▸ **Input data**

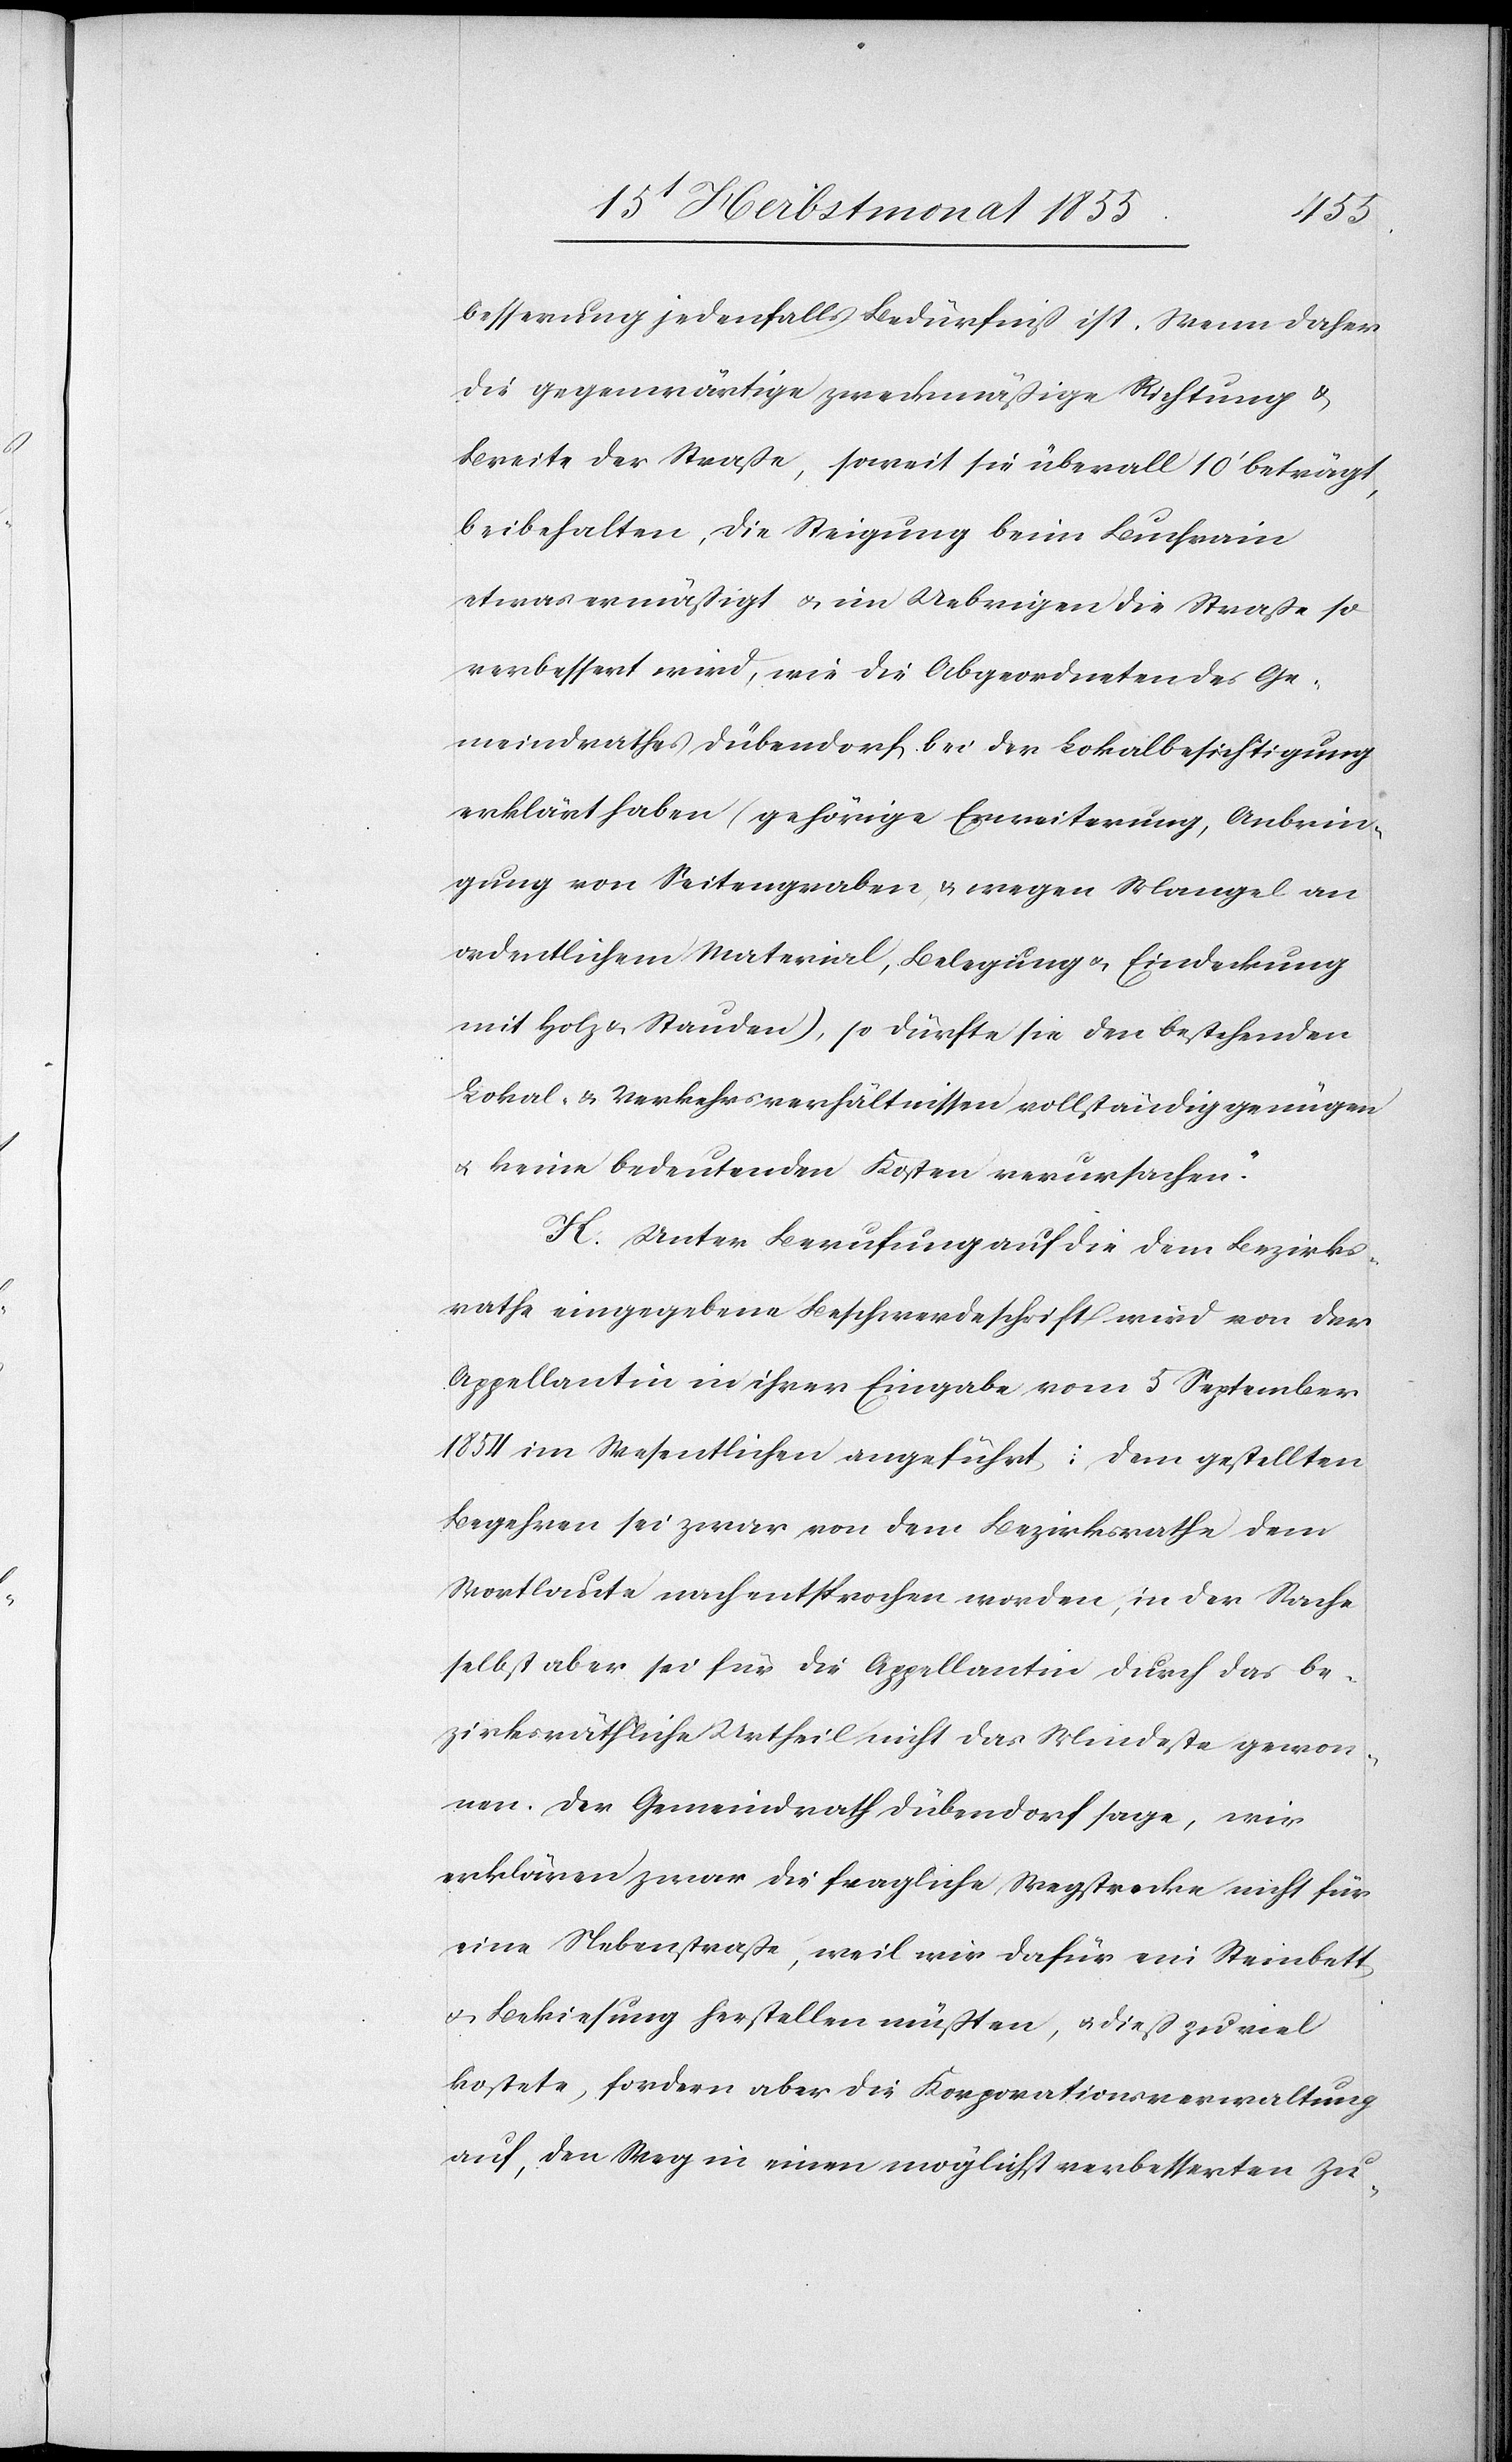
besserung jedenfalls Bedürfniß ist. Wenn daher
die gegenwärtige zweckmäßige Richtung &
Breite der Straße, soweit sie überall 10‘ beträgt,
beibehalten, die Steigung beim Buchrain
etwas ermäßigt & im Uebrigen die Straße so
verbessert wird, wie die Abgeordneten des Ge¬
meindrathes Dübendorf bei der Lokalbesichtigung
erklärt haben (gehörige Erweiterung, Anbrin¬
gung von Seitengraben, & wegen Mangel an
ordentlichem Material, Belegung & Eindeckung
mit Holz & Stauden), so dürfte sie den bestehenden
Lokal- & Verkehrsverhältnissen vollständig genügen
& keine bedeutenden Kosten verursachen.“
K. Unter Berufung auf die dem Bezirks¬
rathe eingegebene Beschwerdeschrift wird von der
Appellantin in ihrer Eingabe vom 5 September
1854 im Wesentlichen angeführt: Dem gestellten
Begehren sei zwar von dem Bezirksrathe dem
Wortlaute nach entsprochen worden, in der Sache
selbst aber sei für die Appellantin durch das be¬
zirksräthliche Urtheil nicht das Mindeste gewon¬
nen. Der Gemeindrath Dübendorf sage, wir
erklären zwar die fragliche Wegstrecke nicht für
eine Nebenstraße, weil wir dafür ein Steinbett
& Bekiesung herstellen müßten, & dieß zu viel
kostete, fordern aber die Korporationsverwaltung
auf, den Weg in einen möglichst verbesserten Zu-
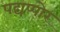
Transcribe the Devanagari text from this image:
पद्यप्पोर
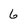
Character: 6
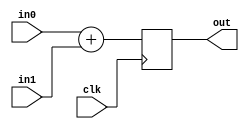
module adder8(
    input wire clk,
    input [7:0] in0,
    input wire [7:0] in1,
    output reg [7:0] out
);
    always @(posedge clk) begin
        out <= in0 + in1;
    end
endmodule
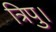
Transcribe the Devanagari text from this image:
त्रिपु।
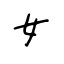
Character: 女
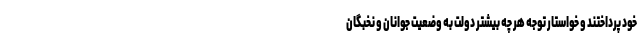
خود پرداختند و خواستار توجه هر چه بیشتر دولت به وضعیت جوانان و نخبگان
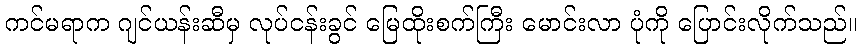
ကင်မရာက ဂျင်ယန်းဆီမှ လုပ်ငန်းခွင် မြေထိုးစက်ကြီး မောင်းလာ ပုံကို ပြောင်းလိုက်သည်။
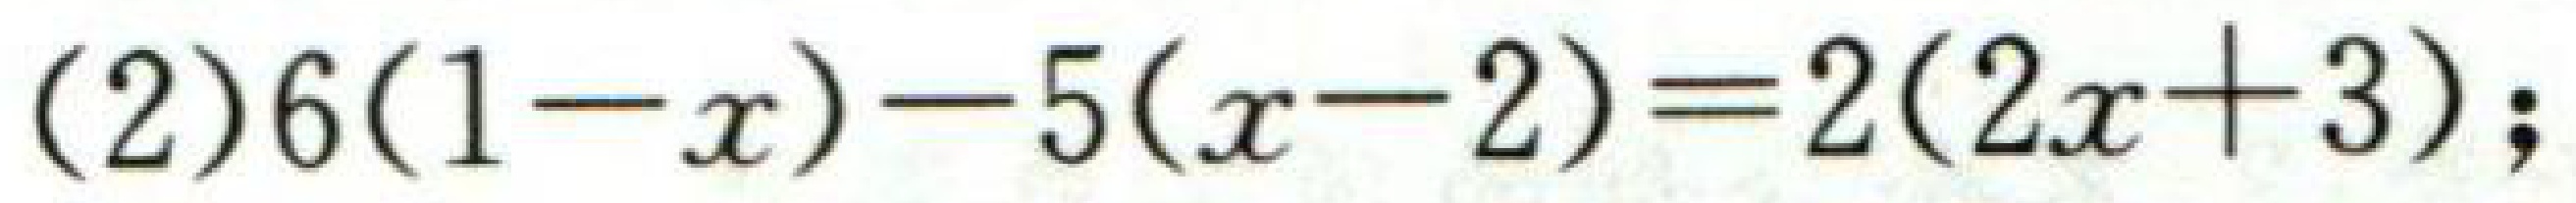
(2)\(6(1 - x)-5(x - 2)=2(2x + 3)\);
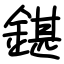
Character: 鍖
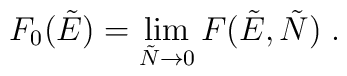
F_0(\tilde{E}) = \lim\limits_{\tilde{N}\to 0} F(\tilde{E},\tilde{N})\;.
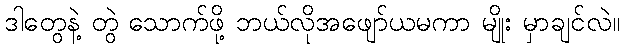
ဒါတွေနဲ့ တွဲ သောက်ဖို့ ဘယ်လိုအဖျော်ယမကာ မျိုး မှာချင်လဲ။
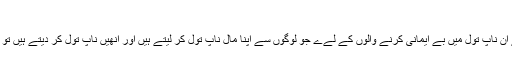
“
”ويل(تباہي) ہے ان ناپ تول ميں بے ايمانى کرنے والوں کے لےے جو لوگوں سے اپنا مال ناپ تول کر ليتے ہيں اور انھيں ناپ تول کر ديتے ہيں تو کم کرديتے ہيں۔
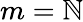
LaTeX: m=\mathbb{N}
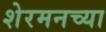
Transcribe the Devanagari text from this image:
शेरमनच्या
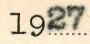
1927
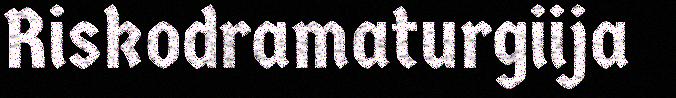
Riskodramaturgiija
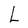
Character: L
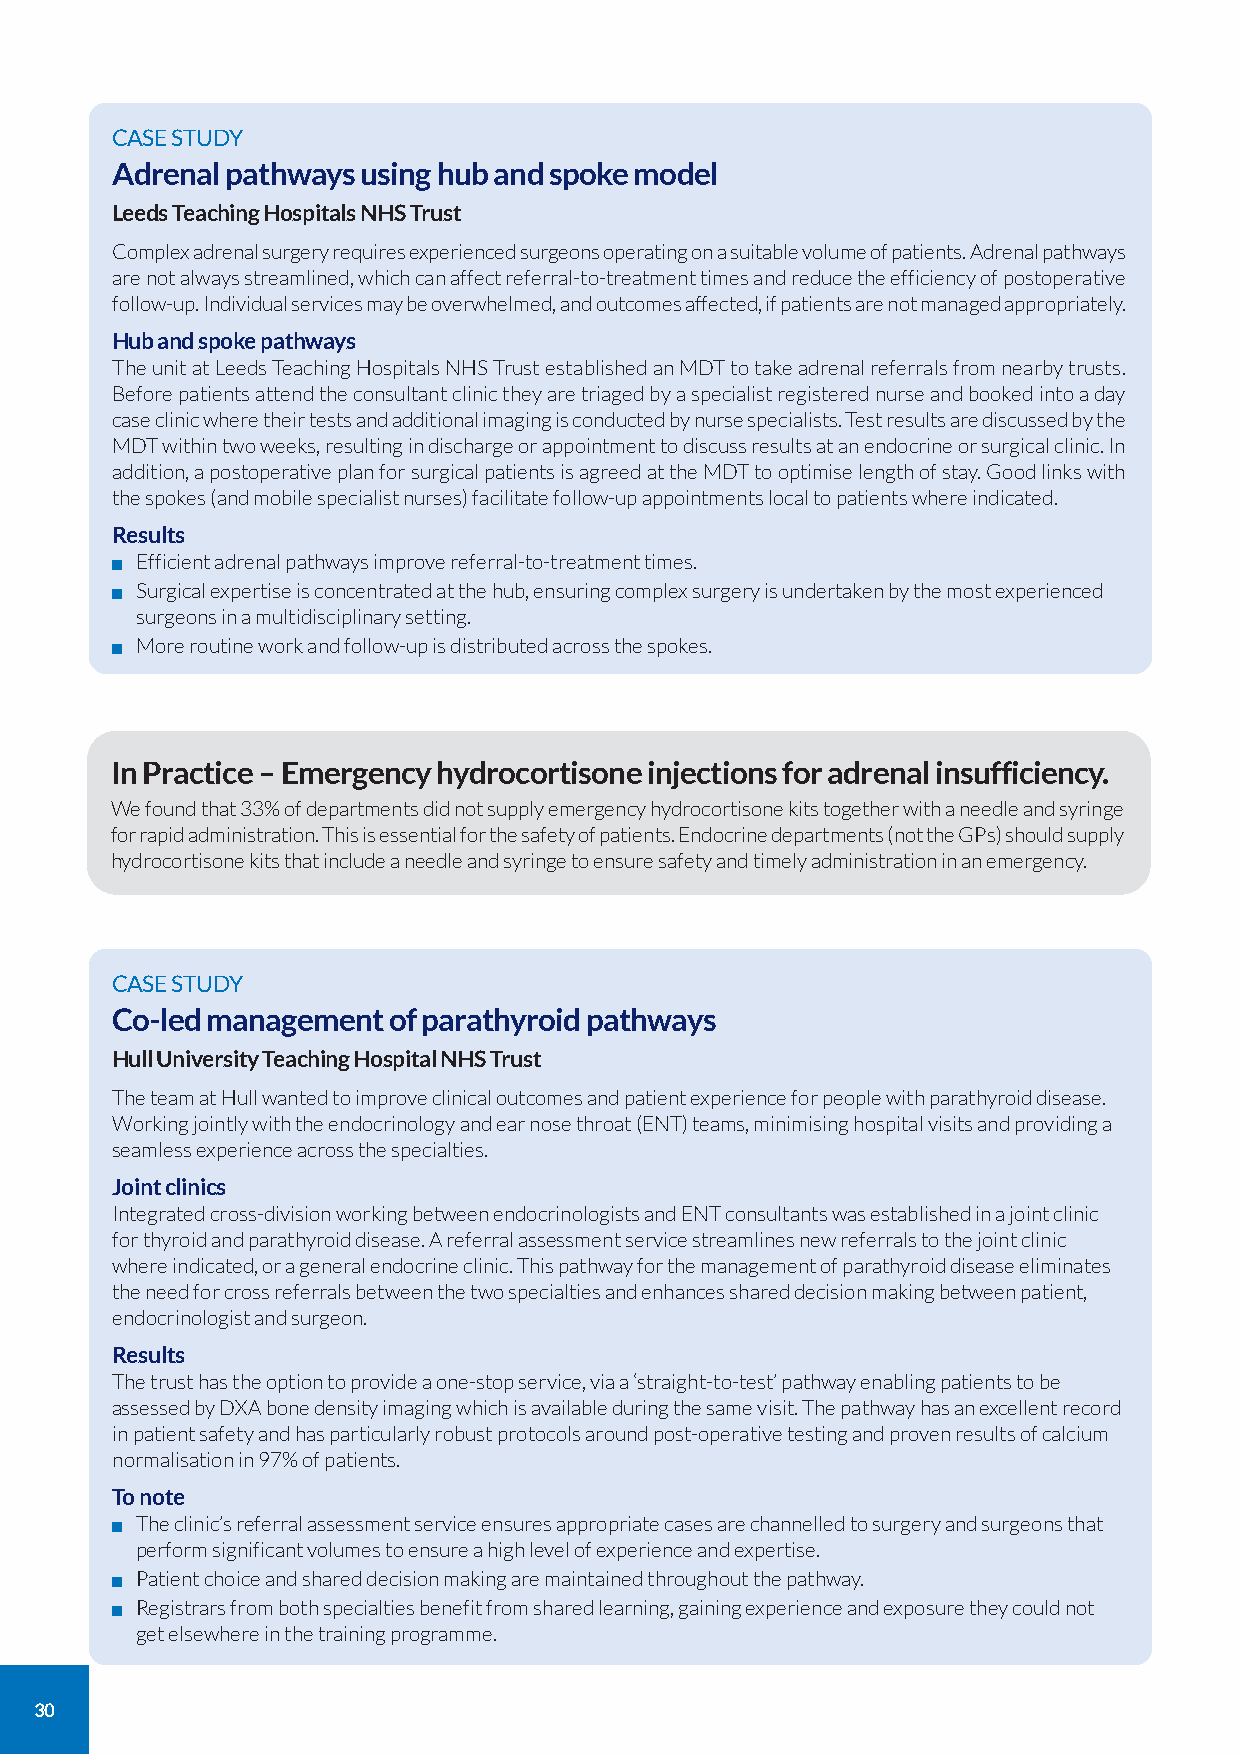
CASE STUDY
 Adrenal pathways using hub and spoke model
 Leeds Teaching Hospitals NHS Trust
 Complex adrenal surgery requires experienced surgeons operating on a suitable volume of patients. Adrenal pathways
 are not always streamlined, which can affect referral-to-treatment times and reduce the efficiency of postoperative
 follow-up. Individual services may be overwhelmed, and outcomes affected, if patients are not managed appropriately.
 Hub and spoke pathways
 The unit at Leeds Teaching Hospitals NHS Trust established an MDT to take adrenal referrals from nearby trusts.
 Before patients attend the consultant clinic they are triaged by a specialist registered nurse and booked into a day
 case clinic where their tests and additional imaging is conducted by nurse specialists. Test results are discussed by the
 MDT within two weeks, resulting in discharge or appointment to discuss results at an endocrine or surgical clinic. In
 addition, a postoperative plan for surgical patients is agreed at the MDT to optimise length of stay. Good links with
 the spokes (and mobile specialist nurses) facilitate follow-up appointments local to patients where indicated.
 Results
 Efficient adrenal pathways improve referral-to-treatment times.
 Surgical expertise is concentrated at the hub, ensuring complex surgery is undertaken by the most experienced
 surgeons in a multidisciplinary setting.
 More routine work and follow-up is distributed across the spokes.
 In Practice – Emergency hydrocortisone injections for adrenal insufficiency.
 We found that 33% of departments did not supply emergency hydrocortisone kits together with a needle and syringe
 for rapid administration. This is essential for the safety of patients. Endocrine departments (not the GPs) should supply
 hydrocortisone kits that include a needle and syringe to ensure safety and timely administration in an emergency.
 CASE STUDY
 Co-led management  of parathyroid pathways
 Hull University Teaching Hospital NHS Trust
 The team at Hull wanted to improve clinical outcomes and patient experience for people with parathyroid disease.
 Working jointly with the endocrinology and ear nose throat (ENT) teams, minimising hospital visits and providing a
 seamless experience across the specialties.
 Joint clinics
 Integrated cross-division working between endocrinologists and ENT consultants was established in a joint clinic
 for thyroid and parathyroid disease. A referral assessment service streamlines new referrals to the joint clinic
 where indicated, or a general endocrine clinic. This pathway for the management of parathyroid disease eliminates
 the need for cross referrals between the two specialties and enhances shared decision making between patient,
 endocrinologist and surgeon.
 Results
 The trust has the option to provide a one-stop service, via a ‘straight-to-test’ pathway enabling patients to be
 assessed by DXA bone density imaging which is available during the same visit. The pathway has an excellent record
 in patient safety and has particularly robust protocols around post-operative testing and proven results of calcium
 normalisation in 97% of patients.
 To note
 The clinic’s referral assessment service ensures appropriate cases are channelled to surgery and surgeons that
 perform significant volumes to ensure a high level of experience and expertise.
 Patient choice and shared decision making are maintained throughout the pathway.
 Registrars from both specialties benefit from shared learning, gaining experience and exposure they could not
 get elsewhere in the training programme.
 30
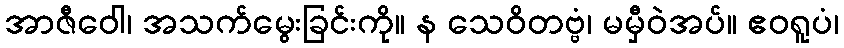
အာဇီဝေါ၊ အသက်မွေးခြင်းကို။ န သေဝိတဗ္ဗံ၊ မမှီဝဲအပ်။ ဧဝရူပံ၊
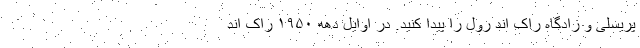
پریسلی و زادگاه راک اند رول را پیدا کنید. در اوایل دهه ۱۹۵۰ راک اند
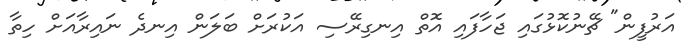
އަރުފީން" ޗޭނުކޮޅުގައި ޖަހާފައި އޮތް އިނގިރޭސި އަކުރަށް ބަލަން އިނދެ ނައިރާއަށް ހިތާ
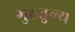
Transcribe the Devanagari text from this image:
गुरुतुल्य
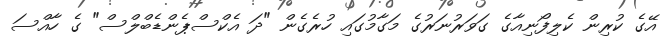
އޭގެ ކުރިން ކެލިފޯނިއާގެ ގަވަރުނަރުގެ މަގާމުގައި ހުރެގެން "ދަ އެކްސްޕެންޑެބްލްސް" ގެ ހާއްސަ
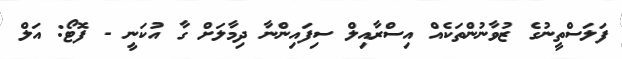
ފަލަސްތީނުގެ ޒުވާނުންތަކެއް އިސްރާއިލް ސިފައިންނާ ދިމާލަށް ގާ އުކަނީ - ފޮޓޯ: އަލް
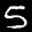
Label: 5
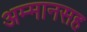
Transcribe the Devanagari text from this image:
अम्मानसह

▸ **Work to be completed**
Exactly as they appear, print the lines of the listing above from its first line through the line that contains "etwas ermäßigt & im Uebrigen die Straße so", minus the pictures.

▸ **Your response**
besserung jedenfalls Bedürfniß ist. Wenn daher
die gegenwärtige zweckmäßige Richtung &
Breite der Straße, soweit sie überall 10‘ beträgt,
beibehalten, die Steigung beim Buchrain
etwas ermäßigt & im Uebrigen die Straße so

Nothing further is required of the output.